Wir haben ja bereits die TX Serie neu aufgelegt - sicherlich wird es noch einiges geben - aber mir liegen keine genauen Termine vor.


----------



## Frosdedje (7. Juni 2011)

> sicherlich wird es noch einiges geben


*nachbohr* Und was wird denn noch kommen? 
Und darf ich auch einige Vorschläge reinposten?


----------



## ELPR1NC1PAL (7. Juni 2011)

Da kann ich keine Aussagen zu machen da mir keine Infos direkt vorliegen


----------



## Frosdedje (1. August 2011)

Andere Frage:

Gibt es schon Pläne, eine (gehobene) Mittelklasse-Reihe oder 
High-End Serie für den Bereich von 400-550W einzuführen?
Z.B eine Art AX-Reihe mit 400W, 450W, 500W, 550W mit Seasonic X-Series [Fanless]-Basis?


----------



## Bluebeard (3. August 2011)

Nei, derzeit nicht - wir bringen aktuell die TX-M Serie also eine Semi Modulare TX Serie, aber mehr nicht aktuell!


----------



## Frosdedje (3. August 2011)

Als ein TX mit Channel Well-Elektronik (PSHII) und KM.
Solange die Preise stimmen, können die neben den Chieftec Nitro BPS-xxxC und ADATA HMxxx interessant werden.

Andere Frage:
Corsair lässt Netzteilelektronik meistens bei CWT und Seasonic auftragsfertigen.
Wäre es vorstellbar, auch bei andere große Netzteilhersteller wie Delta Electronics, CompuCase/HEC, FSP, etc. zu fertigen?


----------



## Bluebeard (13. August 2011)

Nein!

Seasonic ist für uns eine Geschichte mit tieferen Wurzeln und wird nicht durch irgend welche Preis und Kostengeschichten beeinflusst.
Flextronics ist exklusiv und auch auf dauer ein Partner für unsere PSUs
CWT macht mittlerweile nur einen sehr kleinen Teil aus - da viele unserer Netzteile auf Seasonic geswitcht wurden - auch in der TX Serie 

Delta ist sicher ein guter Hersteller - aber momentan erfüllt dieser nicht die von uns geforderten Qualitätskontrollen. Corsairs stärkster Fokus neben Innovation, Qualität und Leistung ist vor allem eine sehr geringe RMA rate!
Das ist für uns ein wichtiger Punkt da wir anhand der RMA Quote die Zuverlässigkeit eines Herstellers sehen und damit die direkte Kundenzufriedenheit - denn ist man ehrlich ist das schlimmste was einem Kunden wiederfährt - ein defekt und eine RMA - daher achten wir hier besonders drauf. Wenn andere Hersteller hier weniger acht geben - liegt es meist an der typisch asiatischen Statistikgeschichte - Zahlen und Masse muss bewegt werden, dies ist wie man seit über einem Jahrzehnt verfolgen kann, nicht unsere Firmenphilosophie! - Wir stehen hinter unserem Produkt und das mit voller Überzeugung.

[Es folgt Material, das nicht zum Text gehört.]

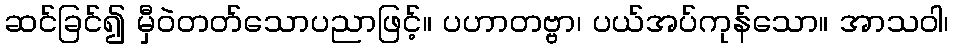
ဆင်ခြင်၍ မှီဝဲတတ်သောပညာဖြင့်။ ပဟာတဗ္ဗာ၊ ပယ်အပ်ကုန်သော။ အာသဝါ၊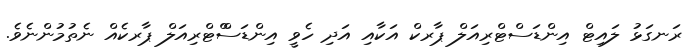
ރަނގަޅު ލައިޓް އިންޑަސްޓްރިއަލް ޕާރކް އަކާއި އަދި ހެވީ އިންޑަސްްޓްރިއަލް ޕާރކެއް ނެތުމުންނެވެ.

Sicher ist ein Delta gefertigtes PSU auch sehr gut! - keine Frage! Antec hat hier bspw. auch recht gute Erfahrungen vorzuweisen, aber Antec hat auch eine ganz andere Firmenausrichtung und Philosophie - die ich sicherlich keinesfalls schlechtreden will - vieles gefällt mir. Aber es ist halt nicht unsere, und damit einer der Hauptgründe dort derzeit keinen Fokus darauf zu haben - sobald einer dieser Hersteller unsere Vorgaben erfüllt, sind wir gerne zu Verhandlungen bereit. Denn man muss immer eines sehen - wir branden eine PSU nicht, wir lassen auch viele eigene Ideen einfließen und verbessern vieles selbst - das ist know how das wir damit diesem Hersteller auch offen legen und daher ist uns wichtig das es nicht nur von der finanziellen seite für alle passt - sondern das man überzeugt ist eine lanfristige vertrauensbasis zu schaffen. Auf den schnellen Euro sind wir nicht aus, was man auch sieht - da wir uns hier oft recht viel Zeit lassen bis wir reagieren - ist ja auch kein Druck dahinter


----------



## Frosdedje (13. August 2011)

> Flextronics ist exklusiv und auch auf dauer ein Partner für unsere PSUs


Wird man also rechnen können, dass Flextronics auch Netzteile mit kleinere 
Nennleistung produzieren wird, die man in Zukunft auch in Corsair-Netzteile finden kann?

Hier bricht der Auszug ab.